Thursday, January 21, 2010

Tribute to MLK Jr.

I wrote this weeks in advance with the intentions of posting it on January 15th, because January 15 happens to be a very important day. Of course, I misplaced the notebook and only found it today, but late is better than never. Here are some words I wrote in commemoration of the late Martin Luther King Jr. who happened to be born on the same day as myself.

I believe that my beliefs don't matter. I believe that everyone should be allowed to be themselves, and I believe that the natural progression of life will eventually sort it's way out.

Until that time comes, I believe it is our responsibility as humans to be honest, respectful, and to own up to our actions. I believe it is our duty, as human beings, living upon Earth, to take responsibility, to stand up, and to become stronger, kinder, people.

I believe that we must help our neighbors, be them friends or enemies, selflessly. I believe that if we are to survive we must learn tolerance. Tolerance of all things, not just color or sexual preference. Tolerance of life.

I believe that we have all forgotten of what it means to be tolerant of life. Throw away your debit and credits, step outside. Take off those expensive sneakers and step out onto the ground. Walk barefoot down the driveway to an empty mailbox, or is it one filled with empty bills, because we all know real mail stopped coming long ago.

It hurts. That's life. Feel the stones beneath your feet. Feel your feet strengthen beneath the weight of your body. That's life too. Get out and get in it and live.

I believe we have been living dead in this life for far too long and now it is time to grow.

-That's my thoughts.

"Make yourself as small as possible. Then grow." -Anonymous

Tuesday, January 19, 2010

World Aflame

"They have to go and save themselves," said Charlemagne Ulrick, a dentist in Port-au-Prince in the aftermath of Haiti's devastating quake. "I don't know when they're coming back." He was referring to his children, after he sent them off to a different part of the country, in hopes of survival.

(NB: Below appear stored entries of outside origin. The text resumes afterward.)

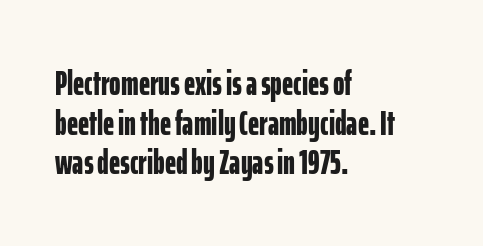
The image shows 35 px bold, condensed sans-serif type, upright; set left-aligned, tight line spacing (1.13x), normal letter spacing, not underlined; low stroke contrast and a medium x-height.
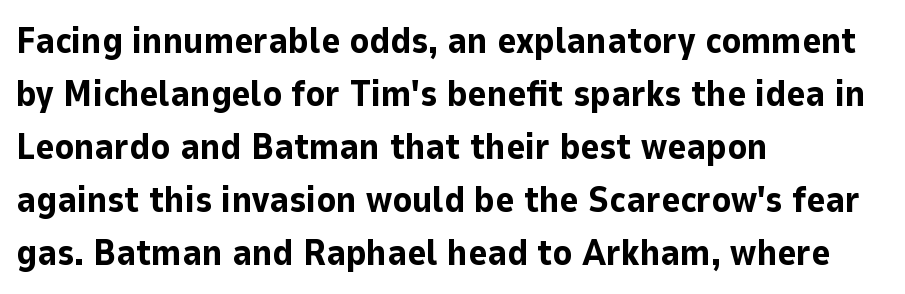
{"serif": "no", "italic": "no", "bold": "yes", "weight": "bold", "width": "normal", "stroke_contrast": "low", "x_height": "medium", "monospaced": "no", "underline": "no", "align": "left", "line_spacing": "normal", "line_spacing_ratio": 1.47, "letter_spacing": "normal", "letter_spacing_em": 0.0, "glyph_px": 36}
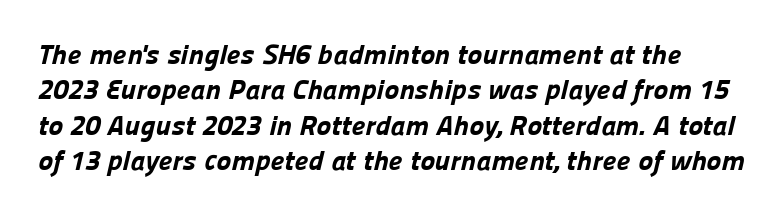
Typesetter's note: full bold, strokes at maximum text heaviness. The baseline area is clear. Vertically, the passage feels balanced, rows spaced as you'd expect. The horizontal fit of the characters is conventional and even. This sample has the flowing, uneven cadence of proportional lettering.
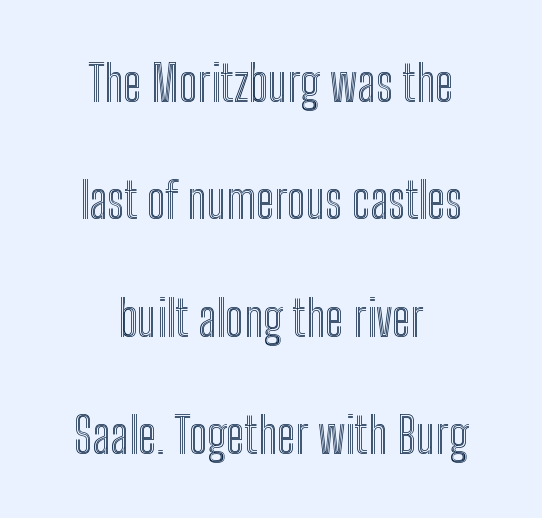
If you drew a line through each stem, it would be perfectly vertical. The letters sit at their default tracking, neither squeezed nor spread. The whitespace from short lines is split evenly between both sides. Think of a printed novel: that variable character pitch is what you see here.
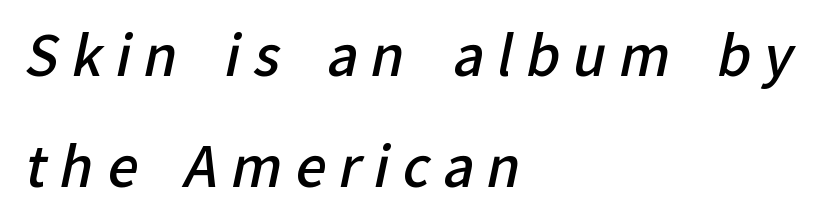
Q: Is the text bold? A: Semi-bold.
Q: Is the typeface a serif or a sans-serif typeface? A: Sans-serif.
Q: Is the text underlined? A: No.
Q: How is the paragraph aligned? A: Left-aligned.
Q: Is the spacing between letters normal or unusually wide? A: Unusually wide.
Q: Is the spacing between lines tight, normal or loose? A: Loose.
Q: Width (condensed, normal, or wide)? A: Normal.
Q: Stroke contrast? A: Low.
Q: x-height? A: Medium.
Q: Monospaced? A: No.
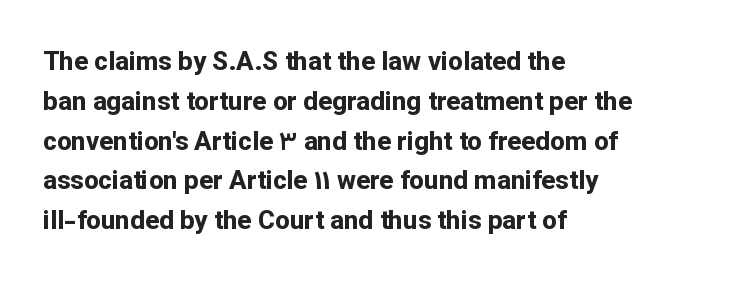
Plenty of ink on the page — the face is bold. Vertical spacing — default. Descenders hang freely into open space. All the whitespace from short lines collects on the right. This rendering leaves character spacing at its baseline value. Do the letters lean? They stand straight.
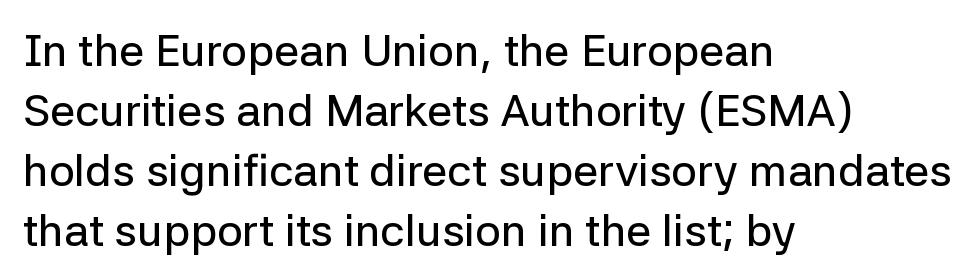
{"serif": "no", "italic": "no", "width": "normal", "stroke_contrast": "low", "x_height": "medium", "monospaced": "no", "underline": "no", "align": "left", "line_spacing": "normal", "line_spacing_ratio": 1.33, "letter_spacing": "normal", "letter_spacing_em": 0.0, "glyph_px": 45}

His words should weigh heavily upon all our hearts. After all, isn't it true that we all have to go and save ourselves? Can we really sit around and expect someone else to come our way and solve our problems? Of course not.

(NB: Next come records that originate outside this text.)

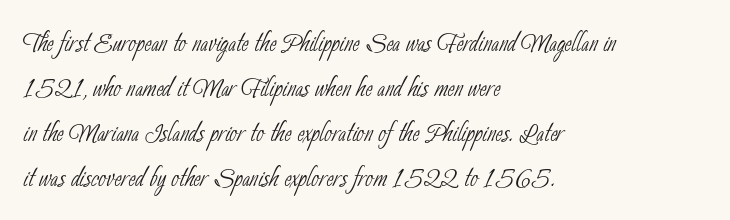
{"serif": "no", "bold": "no", "weight": "thin", "width": "condensed", "stroke_contrast": "low", "x_height": "small", "monospaced": "no", "underline": "no", "align": "left", "line_spacing": "normal", "line_spacing_ratio": 1.32, "letter_spacing": "normal", "letter_spacing_em": 0.0, "glyph_px": 34}
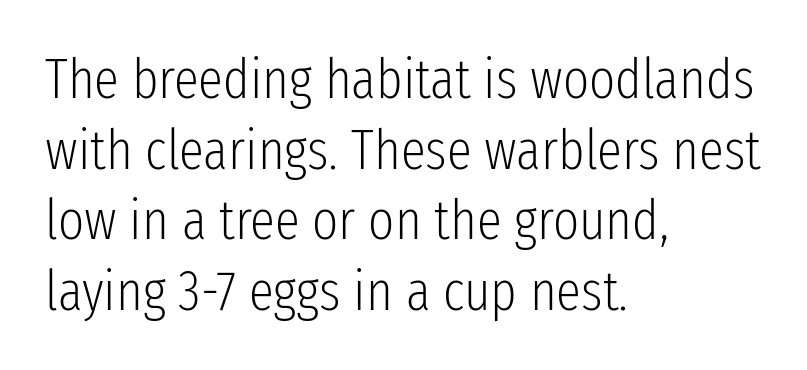
The image shows 56 px light, condensed sans-serif type, upright; set left-aligned, normal line spacing (1.26x), normal letter spacing, not underlined; low stroke contrast and a medium x-height.
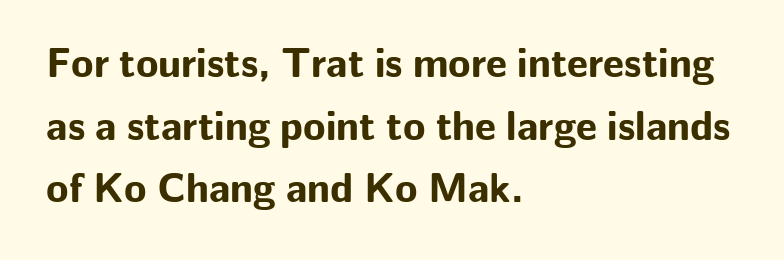
The image shows 41 px bold sans-serif type, upright; set left-aligned, normal line spacing (1.53x), normal letter spacing, not underlined; low stroke contrast and a medium x-height.
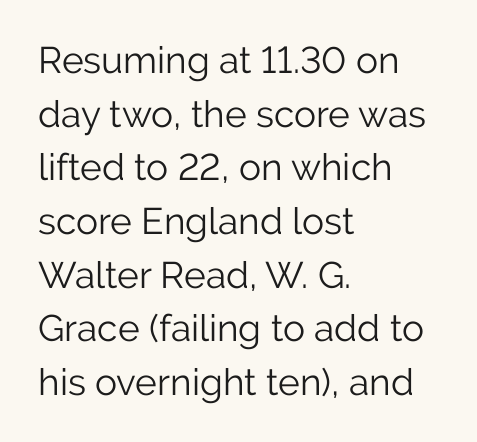
Q: Is the text bold? A: No.
Q: Is the text italic (slanted)? A: No, it is upright.
Q: Is the typeface a serif or a sans-serif typeface? A: Sans-serif.
Q: Is the text underlined? A: No.
Q: How is the paragraph aligned? A: Left-aligned.
Q: Is the spacing between letters normal or unusually wide? A: Normal.
Q: Is the spacing between lines tight, normal or loose? A: Normal.
Q: Width (condensed, normal, or wide)? A: Normal.
Q: Stroke contrast? A: Low.
Q: x-height? A: Medium.
Q: Monospaced? A: No.

Sure, some people can help, but in the end, whether we succeed or fail all depends on one thing and one thing only--ourselves. We are all guilty of carrying this mentality. It is exactly why we are all so self-centered and the world is as bad as it is today.

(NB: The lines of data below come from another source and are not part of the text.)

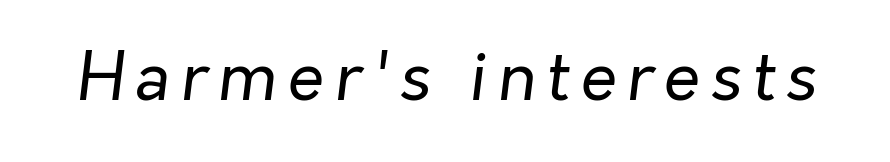
{"italic": "yes", "lean": "right", "slant_degrees": 7, "bold": "no", "weight": "regular", "width": "normal", "stroke_contrast": "low", "x_height": "medium", "monospaced": "no", "underline": "no", "glyph_px": 66}
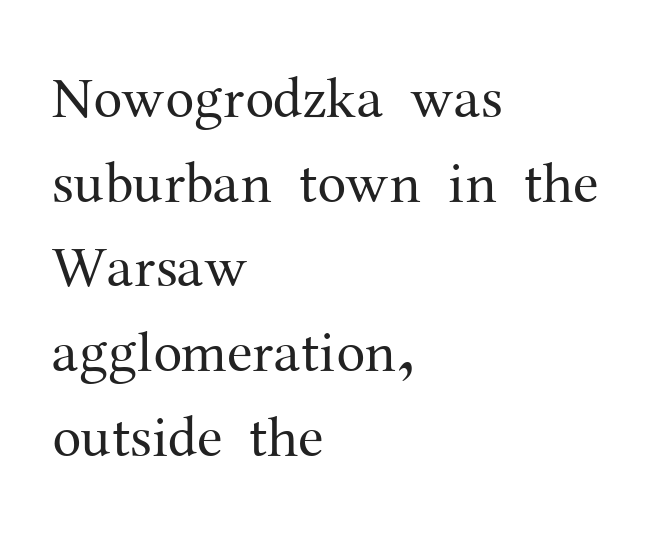
Q: Is the text bold? A: No.
Q: Is the text italic (slanted)? A: No, it is upright.
Q: Is the typeface a serif or a sans-serif typeface? A: Serif.
Q: Is the text underlined? A: No.
Q: How is the paragraph aligned? A: Left-aligned.
Q: Is the spacing between letters normal or unusually wide? A: Normal.
Q: Is the spacing between lines tight, normal or loose? A: Normal.
Q: Width (condensed, normal, or wide)? A: Normal.
Q: Stroke contrast? A: Medium.
Q: x-height? A: Medium.
Q: Monospaced? A: No.

We've all been burned so many times by everyone around us, or we've been brainwashed into that not-good-enough attitude that we've grown up being bombarded with by the media and the government. We have been taught, or convinced, that no one in the world can help us except ourselves.

Why else is there so much violence and rioting in the wake of any natural disaster? Disasters are just that--disastrous--and they come in all shapes and sizes. When they strike people suffer, and when people suffer they are at their worst. It is that single idea that no one can help me but me that drives us all to madness.

It's really damn sad. What happened to mankind as a whole that we've ceased to see the entire world around us and started seeing the world as a simple extension of ourselves? Why can't we get passed our egotistical way of thinking? Or has it always been in our nature to center life upon ourselves?

I have no answers, but kudos to those that are lifting their hands to help, even if they are turning blind eyes to all the suffering going on around us every day. Kudos to those that give back to the world where and what they can. Never mind that what one person can give may completely dwarf someone else's lesser contribution. Let's all look to Haiti right now, because, obviously their problems are a lot worse then everyone else's and it is easier to lend a hand to someone that is not your neighbor.